A 30-year-old male was involved in a car accident. Radiographs revealed a depressed marginal fracture of the medial tibial plateau and an avulsion fracture of the fibular head. Magnetic resonance imaging showed avulsion fracture of Gerdy's tubercle, injury to the posterior cruciate ligament (PCL), posterior horn of the medial meniscus, and the attachments of the lateral collateral ligament and the biceps femoris tendon. The depressed fracture of the medial tibial plateau was elevated and stabilized using a cannulated screw and washer. The injured lateral and posterolateral corner (PLC) structures were repaired and augmented by PLC reconstruction. However, the avulsion fracture of Gerdy's tubercle was not fixed because it was minimally displaced and the torn PCL was also not repaired or reconstructed. We present a unique case of pure varus injury to the knee joint. This case contributes to our understanding of the mechanism of knee injury and provides insight regarding appropriate treatment plans for this type of injury.
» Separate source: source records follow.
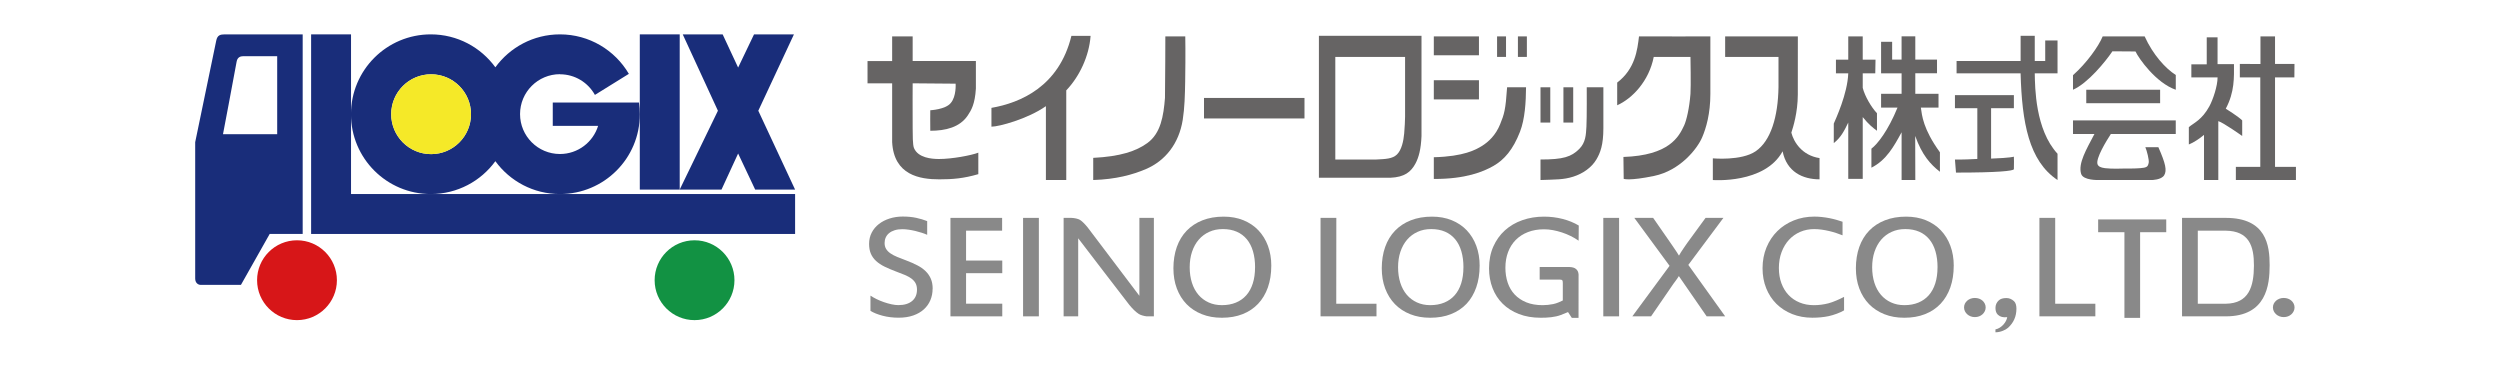<?xml version="1.0" encoding="UTF-8"?>
<svg id="_レイヤー_2" data-name="レイヤー_2" xmlns="http://www.w3.org/2000/svg" viewBox="0 0 1295.41 190">
  <defs>
    <style>
      .cls-1 {
        fill: #fff;
      }

      .cls-2 {
        fill: #129243;
      }

      .cls-3 {
        fill: #d71618;
      }

      .cls-4 {
        fill: #666464;
      }

      .cls-5 {
        fill: #f5e928;
      }

      .cls-6 {
        fill: #192d7a;
      }

      .cls-7 {
        fill: #898989;
      }
    </style>
  </defs>
  <g id="_レイヤー_2-2" data-name="レイヤー_2">
    <rect class="cls-1" width="1295.41" height="190"/>
    <g>
      <g>
        <path class="cls-6" d="M156.84,121.23V17.81s-30.01,0-40.34,0c-2.47,0-3.88.46-4.46,3.28-2.71,13.15-10.9,52.59-10.9,52.59v70.65c0,2.36,1.63,3.28,2.78,3.28h20.93l14.89-26.38h17.1ZM143.62,69.52h-28.07s5.37-28.16,7.06-37.57c.39-2.19,1.83-2.84,3.44-2.84h17.58v40.41Z"/>
        <polygon class="cls-6" points="161.21 17.81 181.89 17.81 181.89 100.54 411.99 100.54 411.99 121.23 161.21 121.23 161.21 17.81"/>
        <path class="cls-6" d="M331.08,53.12h-44.66s0,12.1,0,12.1h23.5c-2.6,8.44-10.47,14.58-19.77,14.58-11.42,0-20.68-9.26-20.68-20.68s9.26-20.68,20.68-20.68v.05c7.8,0,14.58,4.31,18.11,10.69l17.59-10.91c-7.18-12.24-20.48-20.46-35.7-20.46-13.75,0-25.95,6.73-33.47,17.06-7.52-10.34-19.69-17.06-33.45-17.06-22.85,0-41.37,18.51-41.37,41.37s18.52,41.37,41.37,41.37c13.75,0,25.93-6.7,33.45-17.03,7.52,10.32,19.71,17.03,33.48,17.03,22.85,0,41.37-18.47,41.37-41.32v-.05c0-2.06-.15-4.08-.44-6.05ZM223.38,79.86c-11.42,0-20.68-9.26-20.68-20.68s9.26-20.68,20.68-20.68,20.68,9.26,20.68,20.68-9.26,20.68-20.68,20.68Z"/>
        <rect class="cls-6" x="331.52" y="17.81" width="20.68" height="80.43"/>
        <polygon class="cls-6" points="382.47 79.54 373.85 98.25 352.19 98.25 372 57.38 353.77 17.81 374.45 17.81 382.47 35.01 390.71 17.81 411.39 17.81 392.92 57.38 411.99 98.25 391.31 98.25 382.47 79.54"/>
        <path class="cls-3" d="M153.89,165.88c-11.42,0-20.68-9.26-20.68-20.69s9.26-20.68,20.68-20.68,20.68,9.26,20.68,20.68-9.26,20.69-20.68,20.69"/>
        <path class="cls-2" d="M380.57,145.19c0,11.43-9.26,20.69-20.68,20.69s-20.68-9.26-20.68-20.69,9.26-20.68,20.68-20.68,20.68,9.26,20.68,20.68Z"/>
        <path class="cls-5" d="M223.38,79.86c-11.42,0-20.68-9.26-20.68-20.68s9.26-20.68,20.68-20.68,20.68,9.26,20.68,20.68-9.26,20.68-20.68,20.68ZM223.38,79.86c-11.42,0-20.68-9.26-20.68-20.68s9.26-20.68,20.68-20.68,20.68,9.26,20.68,20.68-9.26,20.68-20.68,20.68Z"/>
      </g>
      <g>
        <path class="cls-4" d="M472.91,18.86v12.76h32.76v14.27h0c-.5,8.19-2.43,11.25-4.18,13.89-4.1,6.2-11.57,7.98-19.45,7.98-.09-2.13,0-10.63,0-10.63,0,0,7.88-.37,10.6-3.74,3-3.47,2.53-10.03,2.53-10.03l-22.26-.19s-.08,13.73,0,23.36c.03,3.21-.02,8.54.69,10.21,2.16,5.06,9.11,5.65,12.94,5.65,6.81,0,16.72-1.87,20.39-3.28v11.13c-7.73,2.25-13.36,2.69-20.23,2.69-10.06,0-23.5-2.13-24.42-19.28v-30.47h-12.76v-11.55h12.76v-12.76h10.63Z"/>
        <path class="cls-4" d="M555.17,18.56c-6.38,26.29-26.44,34.73-41.44,37.33v9.75c3.83,0,18.71-3.95,28.22-10.63v38.27h10.55v-46.45c6.85-7.18,11.84-17.72,12.61-28.26h-9.94Z"/>
        <path class="cls-4" d="M603.84,18.86s-.05,24.22-.19,31.89c-.75,9.29-2.13,18.29-9.15,23.39-5.81,4.21-14.01,6.95-28.03,7.66v11.48c11.68-.37,20.34-2.68,27.39-5.71,9.92-4.27,17.02-13.1,18.99-25.46.98-6.18,1.15-12.94,1.27-19.86.24-14.88.05-23.39.05-23.39h-10.31Z"/>
        <rect class="cls-4" x="623.87" y="50.75" width="52.07" height="10.63"/>
        <path class="cls-4" d="M736.57,18.56h-53.16v73.55h36.97c7.41-.31,10.75-3.02,13.1-7.44,1.63-3.07,2.81-7.22,3.09-14.13.04-10.03,0-51.98,0-51.98ZM727.6,69.14c-.34,3.88-1.31,8.51-3.75,10.91-2.28,2.24-5.88,2.37-10.68,2.6h-21.26V29.49h36.15v27.64s.15,5.02-.46,12.01Z"/>
        <rect class="cls-4" x="742.95" y="18.86" width="23.39" height="9.78"/>
        <rect class="cls-4" x="742.95" y="41.57" width="23.39" height="9.94"/>
        <rect class="cls-4" x="775.73" y="18.86" width="4.64" height="10.63"/>
        <rect class="cls-4" x="786.53" y="18.86" width="4.64" height="10.63"/>
        <path class="cls-4" d="M742.95,81.48v11.25c16.54.06,25.58-3.75,30.79-6.69,5.73-3.23,10.28-8.54,13.86-17.75,2.58-6.63,3.08-15.42,3.14-23.07h-9.81c-.81,11.9-1.48,13.88-3.63,19.19-2.23,5.52-5.88,9.06-9.56,11.31-2.9,1.77-9.13,5.38-24.79,5.75Z"/>
        <rect class="cls-4" x="798.23" y="45.23" width="5.07" height="18.28"/>
        <rect class="cls-4" x="810.11" y="45.23" width="5.07" height="18.28"/>
        <path class="cls-4" d="M822.18,45.23h8.63v21.19c0,8.72-1.6,12.81-3.63,16.23-2.44,4.12-6.94,7.31-12,8.9-5.11,1.61-9.02,1.43-16.95,1.73v-10.63c11.82,0,15.95-1.35,20.08-5.47,3.34-3.34,3.47-7.34,3.72-11.6s.16-20.35.16-20.35Z"/>
        <path class="cls-4" d="M849.26,18.86c6.92.06,36.99,0,36.99,0v29.77c0,10.29-2.19,17.75-4.27,22.58-2.58,6-11.46,17.16-24.89,19.95-12.84,2.67-15.75,1.52-15.75,1.52l-.14-11.35c23.77-.81,28.71-10.43,31.45-16.31,1.21-2.61,2.72-8.95,3.29-16.39.29-3.76,0-19.14,0-19.14h-19.03c-2.47,12.55-11.1,21.55-18.94,25.06v-11.76c9.35-7.13,10.47-17,11.3-23.93Z"/>
        <path class="cls-4" d="M893.91,18.86v10.63h27.64v15.68c-.23,15.25-3.94,27.83-11.86,33.23-7.38,5.03-22.16,3.65-22.16,3.65v11.23s26.88,2.13,36.15-14.88c2.13,10.63,10.39,14.52,19.14,14.52v-11c-9.12-1.4-13.38-8.35-14.61-13.19.93-2.81,3.31-10.37,3.35-19.72.05-9.96.02-30.15.02-30.15h-37.66Z"/>
        <path class="cls-4" d="M965.2,92.67v-32c3.13,3.88,5.26,5.52,7.38,7.09v-9.09c-2.88-3.02-6.26-8.75-7.38-13.13v-7.55h6.5l.13-7.08h-6.63v-12.06h-7.5v12.06h-6.38v7.08h6.38c-.38,10.63-6.5,23.68-7.5,26.05v10.1c3.66-2.85,5.44-6.38,7.5-10.63v29.16h7.5Z"/>
        <path class="cls-4" d="M974.71,21.66v16.33h10.63v10.63h-10.63v7.14h8.51c-4.89,11.97-10.33,18.87-13.52,21.28v9.85c7.69-3.88,11.59-10.88,15.64-18.35v24.73h7.11l-.06-22.83c3.56,9.94,7.81,14.64,12.81,18.57v-10.1c-8.78-12.13-9.28-19.09-9.88-23.16h9.15v-7.14h-12.03v-10.63h11.25s0-7.08,0-7.08h-11.25v-12.06s-7.11,0-7.11,0v12.06h-4.89v-9.25h-5.74Z"/>
        <path class="cls-4" d="M1047.01,31.61v-13.05h7.33s0,13.05,0,13.05h5.42v-10.63h6.38v17.01h-11.8c.13,7.33.25,29.18,11.8,41.68v13.61c-14.88-9.9-18.43-29.77-19.14-55.28h-33.17v-6.38h33.17Z"/>
        <path class="cls-4" d="M1012.98,49.29v6.78h11.6v26.29c-8.38.45-11.6.29-11.6.29l.54,6.78c22.19,0,29.31-.89,30-1.69.13-2.25,0-6.56,0-6.56,0,0-1.5.63-11.81,1,0-26.25,0-26.1,0-26.1h11.81v-6.77h-30.54Z"/>
        <path class="cls-4" d="M1089.53,18.86h21.75c4.31,9.49,10.78,16.6,16.13,20v7.65c-10.24-3.52-19.24-16.28-20.87-19.84l-11.95-.09c-3.63,5.33-12.63,16.47-20.44,19.93v-7.55c7.06-6.27,13.25-14.91,15.38-20.09Z"/>
        <rect class="cls-4" x="1081.03" y="46.5" width="38.27" height="6.98"/>
        <path class="cls-4" d="M1074.15,62.39v7.03h11.12c-4.13,7.89-8.59,15.28-6.89,20.69,1.09,3.44,9.01,3.17,9.01,3.17h13.47s12.04,0,12.04,0h2.13s4.89-.04,6.38-2.48c1.49-2.44.74-6.03-3.02-14.53h-6.75c.78,1.72,2.06,6.75,1.74,8.1-.27,1.14-.48,1.74-1.18,2.11s-1.43.51-3.22.66c-3.05.25-7.27.19-8.22.19s-6.37.27-10.03-.19c-2.36-.29-3.44-.96-3.84-1.97-1.17-2.92,4.67-12.32,6.88-15.75h33.63s0-7.03,0-7.03h-53.26Z"/>
        <path class="cls-4" d="M1143.45,19.35v13.97h-7.97v6.8h13.59c0,4.44-2.4,11.59-4.28,15.01-3.82,6.96-7.94,8.51-10.61,10.73v9c2.45-.94,5.79-3.21,7.86-4.97v23.39h7.41s-.03-23.39,0-30.52c2.59.75,12.38,7.69,12.38,7.69v-8.06c-1.84-1.93-8.51-6.07-8.51-6.07,4.66-8.77,4.25-16.24,4.25-23.09h-8.51v-13.88h-5.62Z"/>
        <polygon class="cls-4" points="1160.6 33.13 1160.6 40.12 1171.2 40.12 1171.2 86.48 1158.54 86.48 1158.54 93.28 1189.67 93.28 1189.67 86.48 1178.84 86.48 1178.84 40.12 1188.86 40.1 1188.92 33.13 1178.84 33.13 1178.84 18.86 1171.29 18.86 1171.29 33.16 1160.6 33.13"/>
      </g>
      <g>
        <path class="cls-7" d="M483.24,149.65c0,2.08-.38,4.03-1.14,5.85-.76,1.83-1.88,3.42-3.36,4.77-1.48,1.35-3.32,2.42-5.52,3.19-2.2.78-4.75,1.16-7.66,1.16-1.41,0-2.82-.09-4.21-.26-1.4-.17-2.73-.42-3.98-.75-1.26-.33-2.43-.71-3.51-1.14s-2.02-.9-2.82-1.4v-7.89c.89.6,1.93,1.2,3.13,1.79,1.2.59,2.47,1.12,3.8,1.58,1.33.46,2.65.83,3.96,1.12,1.31.29,2.5.43,3.55.43,1.6,0,3.01-.19,4.21-.57,1.2-.38,2.21-.93,3.03-1.64.82-.71,1.42-1.56,1.83-2.54.4-.99.6-2.07.6-3.25,0-1.34-.26-2.47-.77-3.39-.51-.92-1.24-1.72-2.18-2.41-.94-.68-2.08-1.3-3.4-1.85s-2.81-1.13-4.44-1.73c-2.24-.84-4.23-1.69-5.98-2.54-1.74-.85-3.21-1.83-4.4-2.92-1.19-1.09-2.1-2.35-2.72-3.78-.62-1.43-.93-3.13-.93-5.11,0-2.15.46-4.11,1.37-5.85.91-1.75,2.16-3.23,3.74-4.46,1.58-1.22,3.42-2.17,5.54-2.84,2.12-.67,4.38-1.01,6.79-1.01,2.57,0,4.9.22,6.97.67,2.08.45,3.97,1.01,5.69,1.7v7.1c-.8-.37-1.73-.72-2.78-1.06-1.05-.34-2.16-.65-3.32-.93-1.16-.28-2.32-.5-3.49-.67-1.16-.17-2.27-.26-3.32-.26-1.47,0-2.77.18-3.9.53-1.13.35-2.1.85-2.88,1.48-.79.63-1.38,1.39-1.78,2.27-.4.88-.6,1.85-.6,2.9,0,1.18.26,2.2.79,3.06.53.85,1.27,1.62,2.24,2.29.97.67,2.14,1.29,3.51,1.85,1.37.57,2.9,1.16,4.59,1.79,2.16.81,4.09,1.66,5.79,2.54,1.7.88,3.14,1.89,4.32,3.04,1.18,1.14,2.08,2.46,2.72,3.94.64,1.49.95,3.21.95,5.18Z"/>
        <path class="cls-7" d="M519.34,163.92h-26.85v-51.02h26.77v6.62h-18.68v15.49h18.76v6.54h-18.76v15.81h18.76v6.54Z"/>
        <path class="cls-7" d="M538.3,163.92h-8.18v-51.02h8.18v51.02Z"/>
        <path class="cls-7" d="M597.89,163.92h-3.72c-1.3-.13-3.15-.63-4.09-1.24-1.59-1.03-3.2-2.63-4.9-4.69,0,0-26.28-34.12-26.5-34.52v40.45h-7.55v-51.02h4.07c1.5.05,3.42.44,4.39,1.03.86.52,2.41,1.94,3.98,3.89l26.82,35.46v-40.37h7.51v51.02Z"/>
        <path class="cls-7" d="M658.73,137.75c0,4.13-.59,7.85-1.76,11.18-1.18,3.33-2.86,6.15-5.06,8.48-2.2,2.33-4.88,4.11-8.03,5.36-3.15,1.25-6.72,1.87-10.71,1.87s-7.28-.61-10.38-1.83c-3.1-1.22-5.74-2.96-7.93-5.2-2.19-2.25-3.87-4.95-5.06-8.1-1.19-3.15-1.78-6.66-1.78-10.53s.59-7.72,1.76-11.02c1.18-3.3,2.88-6.11,5.13-8.44,2.24-2.33,4.97-4.12,8.2-5.38,3.22-1.26,6.88-1.89,10.98-1.89,3.74,0,7.12.62,10.17,1.85,3.04,1.24,5.64,2.98,7.78,5.22,2.14,2.25,3.8,4.93,4.96,8.06,1.16,3.13,1.74,6.58,1.74,10.37ZM650.34,138.57c0-3.1-.36-5.88-1.08-8.34-.72-2.46-1.78-4.54-3.2-6.25-1.41-1.71-3.15-3.02-5.23-3.92s-4.47-1.36-7.18-1.36-4.96.48-7.08,1.44c-2.12.96-3.92,2.31-5.42,4.04s-2.65,3.82-3.47,6.25c-.82,2.43-1.22,5.12-1.22,8.06s.39,5.63,1.16,8.04c.77,2.42,1.89,4.48,3.34,6.19,1.45,1.71,3.21,3.04,5.27,3.98,2.06.95,4.36,1.42,6.91,1.42,2.71,0,5.13-.44,7.26-1.32,2.13-.88,3.93-2.15,5.4-3.82,1.47-1.67,2.59-3.72,3.36-6.15.77-2.43,1.16-5.18,1.16-8.26Z"/>
        <path class="cls-7" d="M713.24,163.92h-28.98v-51.02h8.18l-.04,44.47h20.85v6.54Z"/>
        <path class="cls-7" d="M766.69,137.75c0,4.13-.59,7.85-1.76,11.18-1.18,3.33-2.82,6.15-5.02,8.48-2.2,2.33-4.91,4.11-8.07,5.36-3.15,1.25-6.72,1.87-10.71,1.87s-7.28-.61-10.38-1.83c-3.1-1.22-5.74-2.96-7.93-5.2-2.19-2.25-3.87-4.95-5.06-8.1-1.19-3.15-1.78-6.66-1.78-10.53s.59-7.72,1.76-11.02c1.18-3.3,2.88-6.11,5.13-8.44,2.24-2.33,4.97-4.12,8.2-5.38,3.22-1.26,6.88-1.89,10.98-1.89,3.74,0,7.12.62,10.17,1.85,3.04,1.24,5.64,2.98,7.78,5.22,2.14,2.25,3.8,4.93,4.96,8.06,1.16,3.13,1.74,6.58,1.74,10.37ZM758.31,138.57c0-3.1-.36-5.88-1.08-8.34-.72-2.46-1.78-4.54-3.2-6.25-1.41-1.71-3.15-3.02-5.23-3.92s-4.47-1.36-7.18-1.36-4.96.48-7.08,1.44c-2.12.96-3.92,2.31-5.42,4.04-1.49,1.73-2.65,3.82-3.47,6.25-.82,2.43-1.22,5.12-1.22,8.06s.39,5.63,1.16,8.04c.77,2.42,1.89,4.48,3.34,6.19,1.45,1.71,3.21,3.04,5.27,3.98,2.06.95,4.36,1.42,6.91,1.42,2.71,0,5.13-.44,7.26-1.32,2.13-.88,3.93-2.15,5.4-3.82,1.47-1.67,2.59-3.72,3.36-6.15.77-2.43,1.16-5.18,1.16-8.26Z"/>
        <path class="cls-7" d="M780.04,138.65c0,2.84.4,5.45,1.2,7.83.8,2.38,2.01,4.43,3.63,6.15,1.62,1.72,3.63,3.07,6.04,4.04,2.41.97,5.21,1.46,8.42,1.46,1.8,0,3.64-.19,5.52-.57,1.88-.38,3.53-1.2,4.94-1.86v-8.99c-.02-.68-.04-1.23-.31-1.5-.28-.29-.86-.31-1.29-.32h-10.39v-6.54s14.64,0,15.36,0c1.54.08,2.75.32,3.62,1.17.85.83,1.06,1.55,1.18,2.7,0,.72-.02,22.49-.02,22.49-1.36.03-3.49,0-3.49,0l-1.96-3s-1.88.82-3.68,1.5c-3.17,1.19-6.84,1.44-10.47,1.44-4.21,0-7.97-.64-11.29-1.93s-6.13-3.07-8.42-5.34c-2.3-2.27-4.05-4.97-5.25-8.1-1.2-3.13-1.81-6.53-1.81-10.21,0-4.2.73-7.96,2.2-11.28,1.47-3.31,3.47-6.12,6.02-8.42,2.55-2.3,5.55-4.06,9.03-5.28,3.47-1.22,7.21-1.83,11.23-1.83,3.32,0,6.52.39,9.61,1.18,3.08.79,5.89,1.93,8.4,3.43l-.08,7.85c-1.27-.89-2.64-1.7-4.11-2.42-1.47-.72-2.98-1.34-4.54-1.85-1.56-.51-3.13-.91-4.69-1.2-1.56-.29-3.09-.43-4.59-.43-3.07,0-5.85.48-8.32,1.44-2.48.96-4.58,2.31-6.31,4.06-1.73,1.75-3.06,3.84-3.98,6.29-.93,2.44-1.39,5.14-1.39,8.08Z"/>
        <path class="cls-7" d="M838.95,163.92h-8.18v-51.02h8.18v51.02Z"/>
        <path class="cls-7" d="M893.92,163.92h-9.59l-11.5-16.64c-.08-.13-.26-.39-.52-.77-.26-.38-.55-.79-.85-1.22-.3-.43-.6-.85-.87-1.26-.28-.41-.48-.72-.62-.93h-.08c-.08.16-.23.39-.44.69-.21.3-.44.64-.69,1.01-.25.37-.51.74-.79,1.1-.28.37-.53.7-.75.99l-11.7,17.03h-9.71l19.3-26.18-18.26-24.84h9.75l8.84,12.73c.25.34.57.81.98,1.42.4.6.82,1.23,1.27,1.87.44.64.86,1.28,1.27,1.89.4.62.71,1.12.93,1.52h.17c.19-.39.5-.91.91-1.56.42-.64.85-1.31,1.31-1.99.46-.68.89-1.32,1.31-1.91.42-.59.71-1.01.87-1.24l9.3-12.73h9.25l-18.18,24.36,19.09,26.65Z"/>
        <path class="cls-7" d="M921.76,138.97c0,2.87.44,5.47,1.31,7.83.87,2.35,2.1,4.37,3.69,6.05,1.59,1.68,3.5,2.98,5.73,3.9,2.23.92,4.7,1.38,7.41,1.38,2.52,0,5.01-.32,7.49-.95,2.48-.63,5.87-2.17,8.14-3.35v6.99c-1.81,1.13-5.42,2.46-8,3-2.57.54-5.38.81-8.42.81-3.79,0-7.27-.63-10.44-1.89-3.17-1.26-5.89-3.02-8.18-5.28-2.28-2.26-4.05-4.96-5.31-8.1-1.26-3.14-1.89-6.6-1.89-10.39s.68-7.47,2.03-10.74c1.36-3.27,3.23-6.09,5.62-8.46,2.39-2.37,5.23-4.21,8.51-5.54,3.28-1.33,6.84-1.99,10.69-1.99,1.3,0,2.61.07,3.94.22,1.33.14,2.63.34,3.9.59,1.27.25,2.48.54,3.63.87.72.21,3.13.98,3.13.98v7.04c-.97-.39-2.05-.79-3.24-1.18-1.19-.39-2.42-.74-3.69-1.04-1.27-.3-2.57-.55-3.9-.73-1.33-.18-2.61-.28-3.86-.28-2.6,0-5.02.48-7.24,1.44-2.23.96-4.16,2.32-5.79,4.08-1.63,1.76-2.92,3.89-3.86,6.39-.94,2.5-1.41,5.28-1.41,8.36Z"/>
        <path class="cls-7" d="M1012.35,137.75c0,4.13-.59,7.85-1.76,11.18-1.18,3.33-2.86,6.15-5.06,8.48-2.2,2.33-4.88,4.11-8.03,5.36s-6.72,1.87-10.71,1.87-7.28-.61-10.37-1.83c-3.1-1.22-5.74-2.96-7.93-5.2-2.19-2.25-3.87-4.95-5.06-8.1-1.19-3.15-1.78-6.66-1.78-10.53s.59-7.72,1.76-11.02c1.18-3.3,2.88-6.11,5.12-8.44,2.24-2.33,4.97-4.12,8.2-5.38,3.22-1.26,6.88-1.89,10.98-1.89,3.73,0,7.12.62,10.17,1.85,3.04,1.24,5.64,2.98,7.78,5.22,2.14,2.25,3.8,4.93,4.96,8.06,1.16,3.13,1.74,6.58,1.74,10.37ZM1003.97,138.57c0-3.1-.36-5.88-1.08-8.34-.72-2.46-1.78-4.54-3.2-6.25-1.41-1.71-3.15-3.02-5.23-3.92s-4.47-1.36-7.18-1.36-4.96.48-7.08,1.44c-2.12.96-3.92,2.31-5.42,4.04-1.49,1.73-2.65,3.82-3.47,6.25-.82,2.43-1.22,5.12-1.22,8.06s.39,5.63,1.16,8.04c.77,2.42,1.89,4.48,3.34,6.19,1.45,1.71,3.21,3.04,5.27,3.98,2.06.95,4.36,1.42,6.91,1.42,2.71,0,5.13-.44,7.26-1.32,2.13-.88,3.93-2.15,5.4-3.82,1.47-1.67,2.59-3.72,3.36-6.15.77-2.43,1.16-5.18,1.16-8.26Z"/>
        <path class="cls-7" d="M1017.7,159.31c0-.71.15-1.36.44-1.95.29-.59.69-1.11,1.2-1.56.51-.45,1.11-.79,1.78-1.04.68-.25,1.4-.37,2.18-.37s1.54.13,2.22.37c.68.25,1.27.6,1.76,1.04.5.45.89.97,1.18,1.56.29.59.44,1.24.44,1.95s-.15,1.33-.44,1.93c-.29.6-.69,1.14-1.18,1.6-.5.46-1.09.82-1.76,1.08-.68.26-1.42.39-2.22.39s-1.5-.13-2.18-.39c-.68-.26-1.27-.62-1.78-1.08-.51-.46-.91-.99-1.2-1.6-.29-.6-.44-1.25-.44-1.93Z"/>
        <path class="cls-7" d="M1085.73,163.92h-28.98v-51.02h8.18v44.47h20.81v6.54Z"/>
        <path class="cls-7" d="M1122.46,120.32h-13.53v44.39h-8.13v-44.39h-13.61v-6.62h35.28v6.62Z"/>
        <path class="cls-7" d="M1176.05,137.43c0,10.36-1.69,26.49-22.7,26.49h-22.7v-51.02h22.7c21.01,0,22.7,14.31,22.7,24.52ZM1167.91,137.71c.06-10.29-2.55-17.99-14.56-18.18h-14.53s0,37.85,0,37.85h14.53c12.01-.18,14.5-8.98,14.56-19.67Z"/>
        <path class="cls-7" d="M1177.75,159.31c0-.71.15-1.36.44-1.95.29-.59.69-1.11,1.2-1.56.51-.45,1.11-.79,1.78-1.04.68-.25,1.4-.37,2.18-.37s1.54.13,2.22.37c.68.25,1.27.6,1.76,1.04.5.45.89.97,1.18,1.56.29.59.44,1.24.44,1.95s-.15,1.33-.44,1.93c-.29.6-.69,1.14-1.18,1.6-.5.46-1.09.82-1.76,1.08-.68.26-1.42.39-2.22.39s-1.5-.13-2.18-.39c-.68-.26-1.27-.62-1.78-1.08-.51-.46-.91-.99-1.2-1.6-.29-.6-.44-1.25-.44-1.93Z"/>
        <path class="cls-7" d="M1044.84,159.98c0,3.95-1.45,7.25-4.35,9.88-1.16,1.05-3.86,2.33-6.52,2.33,0-1.5,0-.18,0-1.5,3.27-.66,5.8-3.99,6.09-6.36-2.03.27-3.63-.13-4.78-1.19-.87-.79-1.3-1.98-1.3-3.56s.58-2.9,1.74-3.95c.87-.79,2.17-1.19,3.91-1.19,1.45,0,2.75.53,3.91,1.58.87.79,1.3,2.11,1.3,3.95Z"/>
      </g>
    </g>
  </g>
</svg>

Complex knee injuries are not common and the injury patterns vary; thus, management principles for the treatment of individual complex knee injuries have not been established.1) Complex knee injuries are usually the result of high-energy knee injuries caused by accidents or sport mishaps at all levels of competition. For any type of knee injury, an understanding of the mechanism of injury is important for detecting associated or occult lesions and for establishing an appropriate management plan.2,3) On the other hand, the imprint of the injury, as determined during radiographic examinations, can be utilized to reconstruct injury situations, for example, small bony lesions on a plain radiograph or bone contusions on magnetic resonance (MR) images often provide essential clues regarding the injured structures, for example, the presence of a Segond fracture in cases of anterior cruciate ligament (ACL) injury,3,4) or the presence of the arcuate sign in cases of injury to the posterolateral corner (PLC) structures.5)
Here, we present a case of complex knee injury with a pure varus mechanism, which entailed a depressed marginal fracture of the medial tibial plateau by compression and avulsion fractures of Gerdy's tubercle and the fibular head, and tear of the posterior cruciate ligament (PCL) and the posterior horn of the medial meniscus. The mechanism of injury, its implications, the relevance of the associated lesions, and management principles are discussed.

CASE REPORT

A 30-year-old male was involved in a car accident. He was standing beside the door on the passenger side to guide parking, when unexpectedly, the car reversed quickly, and his left leg was trapped under the front passenger side wheel, which exerted a severe varus force on his left knee joint. He was immediately transported to the emergency room of our institute.
On admission, an immediate neurovascular examination excluded urgent medical problems and distal sensory, motor, and circulatory disturbances. Gross bruising and diffuse swelling were observed on the knee joint, especially on the lateral side, but no external wound was observed. The arc of motion and ligament integrity could not be checked due to severe pain and muscle guarding. Plain radiographs revealed a depressed marginal fracture of the medial tibial plateau and an avulsion fracture of the fibular head (Fig. 1). MR imaging confirmed the presence of these bony lesions. In addition, it revealed an avulsion fracture of Gerdy's tubercle, PCL rupture, and tear of the posterior horn of the medial meniscus, attachments of the lateral collateral ligament (LCL), and the biceps femoris tendon attached onto the avulsed fibular head (Fig. 2). Overall, a compressive lesion was present in the medial compartment and avulsive lesions were present in the lateral compartment.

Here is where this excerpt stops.